==== Exercise input

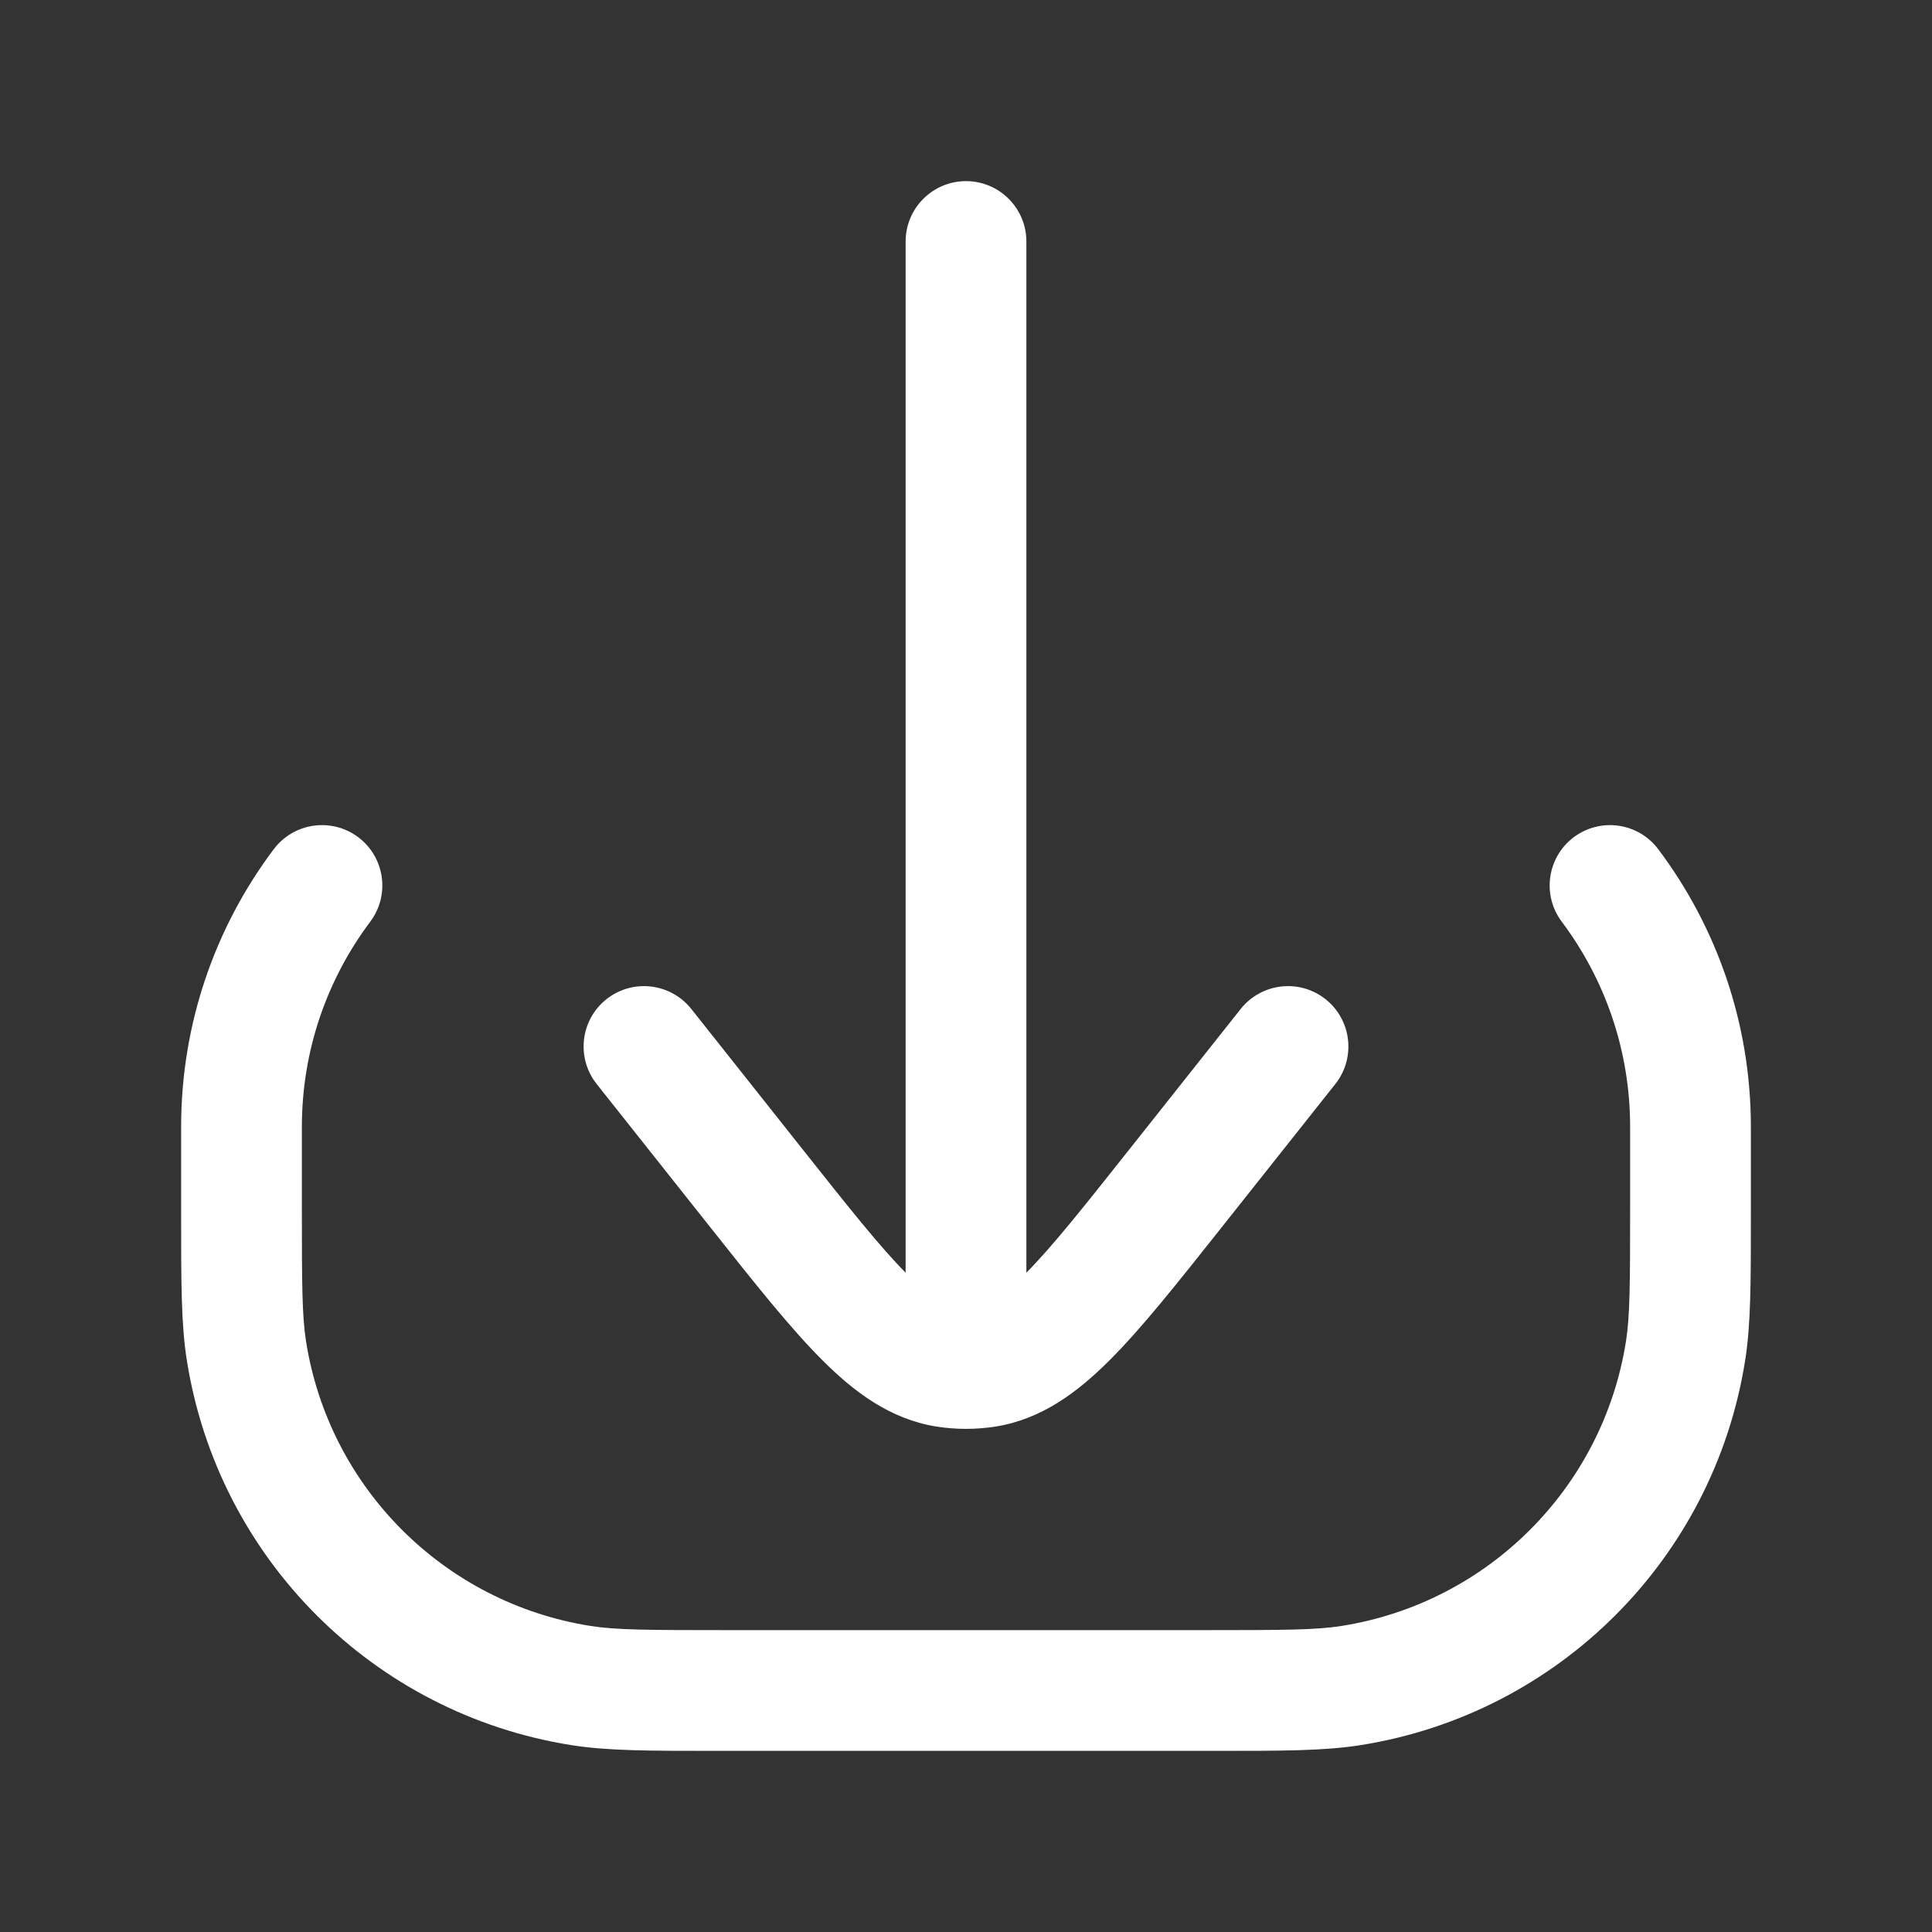 <svg width="24" height="24" viewBox="0 0 24 24" fill="none" xmlns="http://www.w3.org/2000/svg">
<rect x="0" y="0" width="24" height="24" fill="#333333" stroke="none"/>
<path d="M12.75 3C12.75 2.586 12.414 2.25 12 2.25C11.586 2.25 11.25 2.586 11.25 3V15.81C10.927 15.483 10.544 15.001 9.986 14.297L8.588 12.534C8.33 12.21 7.859 12.155 7.534 12.412C7.209 12.67 7.155 13.141 7.412 13.466L8.839 15.265C9.372 15.937 9.812 16.492 10.206 16.887C10.61 17.293 11.058 17.629 11.631 17.721C11.753 17.74 11.877 17.75 12 17.75C12.123 17.75 12.247 17.74 12.369 17.721C12.942 17.629 13.39 17.293 13.794 16.887C14.188 16.492 14.628 15.937 15.161 15.265L16.588 13.466C16.845 13.141 16.791 12.67 16.466 12.412C16.141 12.155 15.67 12.21 15.412 12.534L14.014 14.297C13.456 15.001 13.073 15.483 12.75 15.81V3Z" fill="white"/>
<path d="M20.6 10.55C20.351 10.218 19.881 10.152 19.55 10.4C19.219 10.649 19.152 11.119 19.401 11.45C19.934 12.161 20.25 13.042 20.25 14V15C20.25 15.958 20.248 16.349 20.198 16.665C19.91 18.483 18.483 19.91 16.665 20.198C16.349 20.248 15.958 20.25 15 20.25H9C8.042 20.25 7.651 20.248 7.335 20.198C5.517 19.91 4.09 18.483 3.802 16.665C3.752 16.349 3.75 15.958 3.75 15V14C3.75 13.042 4.066 12.161 4.599 11.45C4.848 11.119 4.781 10.649 4.45 10.4C4.119 10.152 3.649 10.218 3.4 10.55C2.678 11.511 2.25 12.706 2.25 14L2.25 15.081C2.25 15.933 2.25 16.452 2.321 16.899C2.71 19.36 4.64 21.29 7.1 21.679C7.548 21.75 8.067 21.75 8.919 21.75H15.081C15.933 21.75 16.452 21.75 16.899 21.679C19.36 21.29 21.29 19.36 21.679 16.899C21.75 16.452 21.75 15.933 21.75 15.081L21.75 14C21.75 12.706 21.322 11.511 20.6 10.55Z" fill="white"/>
</svg>

========

▸ **Your assignment**:
Beginning with the line that holds "10.55C20.351 10.218 19.881", restate word for word every line down to the end of the data, and only those lines.

▸ **Worked solution**:
<path d="M20.6 10.55C20.351 10.218 19.881 10.152 19.55 10.4C19.219 10.649 19.152 11.119 19.401 11.45C19.934 12.161 20.25 13.042 20.25 14V15C20.25 15.958 20.248 16.349 20.198 16.665C19.91 18.483 18.483 19.91 16.665 20.198C16.349 20.248 15.958 20.25 15 20.25H9C8.042 20.25 7.651 20.248 7.335 20.198C5.517 19.91 4.09 18.483 3.802 16.665C3.752 16.349 3.75 15.958 3.75 15V14C3.75 13.042 4.066 12.161 4.599 11.45C4.848 11.119 4.781 10.649 4.45 10.4C4.119 10.152 3.649 10.218 3.4 10.55C2.678 11.511 2.25 12.706 2.25 14L2.25 15.081C2.25 15.933 2.25 16.452 2.321 16.899C2.71 19.36 4.64 21.29 7.1 21.679C7.548 21.75 8.067 21.75 8.919 21.75H15.081C15.933 21.75 16.452 21.75 16.899 21.679C19.36 21.29 21.29 19.36 21.679 16.899C21.75 16.452 21.75 15.933 21.75 15.081L21.75 14C21.75 12.706 21.322 11.511 20.6 10.55Z" fill="white"/>
</svg>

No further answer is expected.